WFPC-2 Imaging of a Spiral Gas Disk Surrounding the Nucleus of NGC~5252
Session 108 -- Seyfert Galaxies
Display presentation, Thursday, 12, 1995, 9:20am - 6:30pm

## [108.15] WFPC-2 Imaging of a Spiral Gas Disk Surrounding the Nucleus of NGC~5252

J.A. Morse (STScI), Z. Tsvetanov (JHU), G. Cecil (UNC-CH), A.S. Wilson (UMd)

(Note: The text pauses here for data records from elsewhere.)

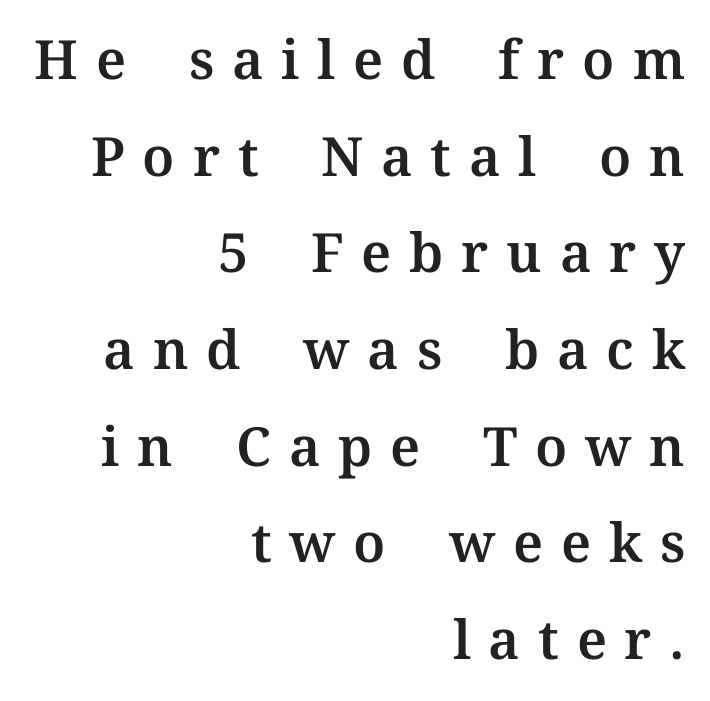
A typesetter would call this proportional, since set widths differ per character. This is the regular roman posture of the typeface. Inter-character spacing is expanded well beyond the font's built-in metrics. Glance below the letters and you will spot only blank space.
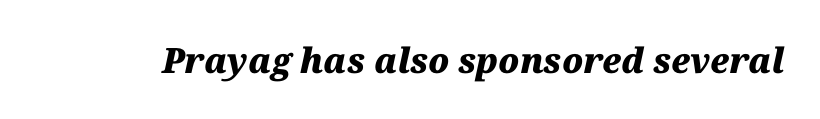
The image shows 35 px heavy type, italic (leaning right); set normal letter spacing, not underlined; medium stroke contrast and a medium x-height.
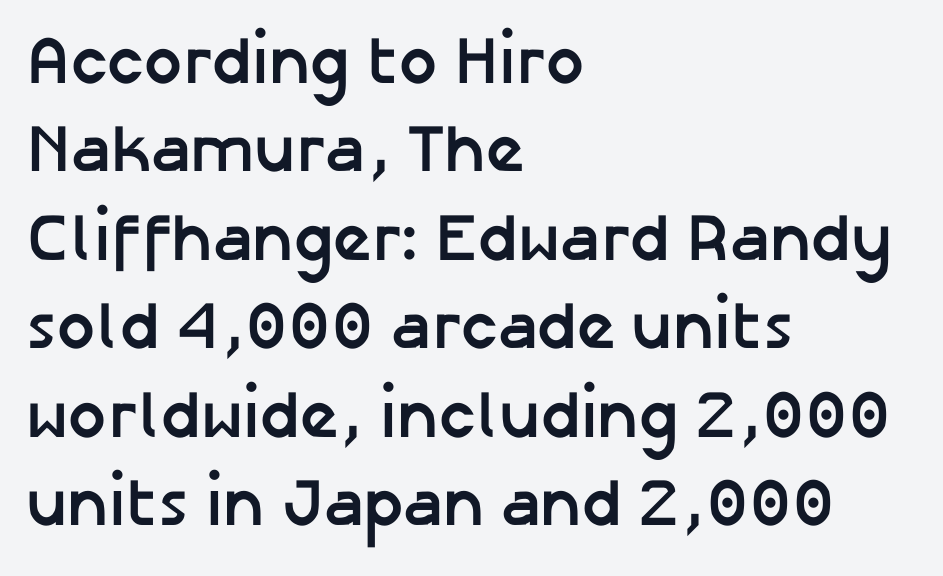
The image shows 67 px semibold sans-serif type, upright; set left-aligned, normal line spacing (1.32x), normal letter spacing, not underlined; low stroke contrast and a medium x-height.
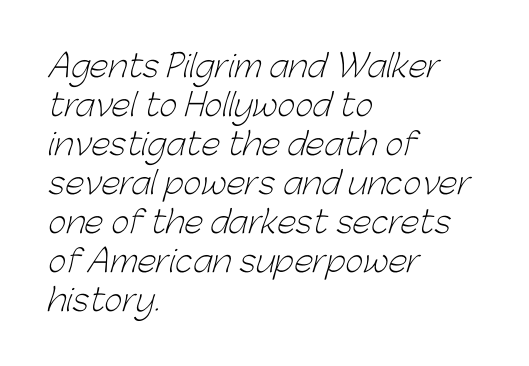
The image shows 31 px light sans-serif type; set left-aligned, normal line spacing (1.26x), normal letter spacing, not underlined; low stroke contrast and a medium x-height.
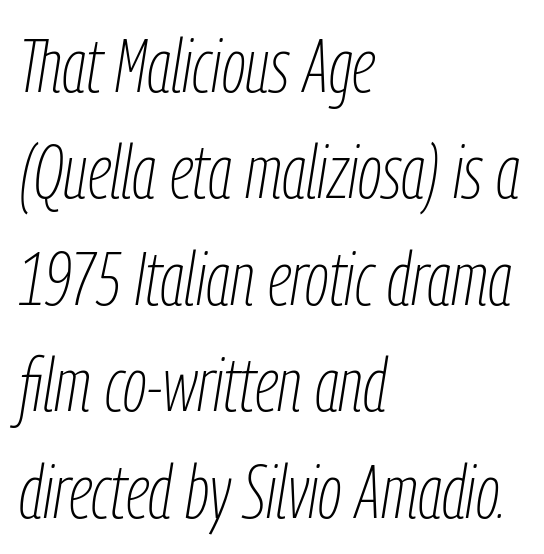
The image shows 75 px thin, condensed type, italic (leaning right); set left-aligned, normal line spacing (1.42x), normal letter spacing, not underlined; low stroke contrast and a medium x-height.
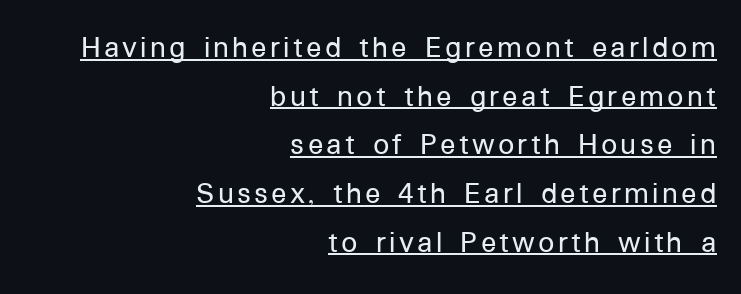
The image shows 32 px sans-serif type, upright; set right-aligned, normal line spacing (1.52x), underlined; low stroke contrast and a medium x-height.

We present HST/WFPC-2 images of the nuclear region of the Seyfert 2 galaxy NGC~5252 that reveal a spectacular morphology of the circumnuclear line-emitting gas. First, the nucleus is embedded in what appears to be a small scale ($\sim 1''$, 450 pc at 92 Mpc distance assuming $H_0 = 75$ km s$^{-1}$ Mpc$^{-1}$) nuclear disk of ionized gas seen almost edge-on. Three bright peaks separated by $\sim 0.''3$ are arranged in a straight line roughly along the galaxy major axis. The peaks are aligned just outside one of the edges of the large-scale ionization cone, perhaps even determining it. Second, the ionized circumnuclear gas within $\sim 4''$ of the nucleus extends from the small-scale disk and wraps sharply into a distinct spiral morphology, very similar to that shown by the gas disk in the M87 nucleus.

We also present a two-dimensional kinematic map of the remarkable, large-scale ionization bi-cone in this galaxy obtained on the CTIO 4-m telescope with the Rutgers/CTIO Fabry-Perot spectrometer with 30 km s$^{-1}$ FWHM velocity resolution. Broad, high-velocity emission is seen near the nucleus over scales of the spiral structure that may indicate a rapidly rotating disk. On larger scales, the gas along the galaxy major axis is counter-rotating with respect to the stellar component. The gas along the ionization cone axis oscillates between $\pm 150$ km s$^{-1}$ of the systemic velocity of the galaxy, and this saw-toothed velocity field has a mirror symmetry about the nucleus. We also observe velocity gradients perpendicular to the cone axis in the extended, arcuate shells. We plot the gaseous excitation and density as a function of distance from the nucleus along the cone axis as seen in a long-slit spectrum and discuss the ionized gas distribution and emission-line characteristics in the context of the unified scheme for AGNs.

This research is supported by NASA grants to STScI and JHU.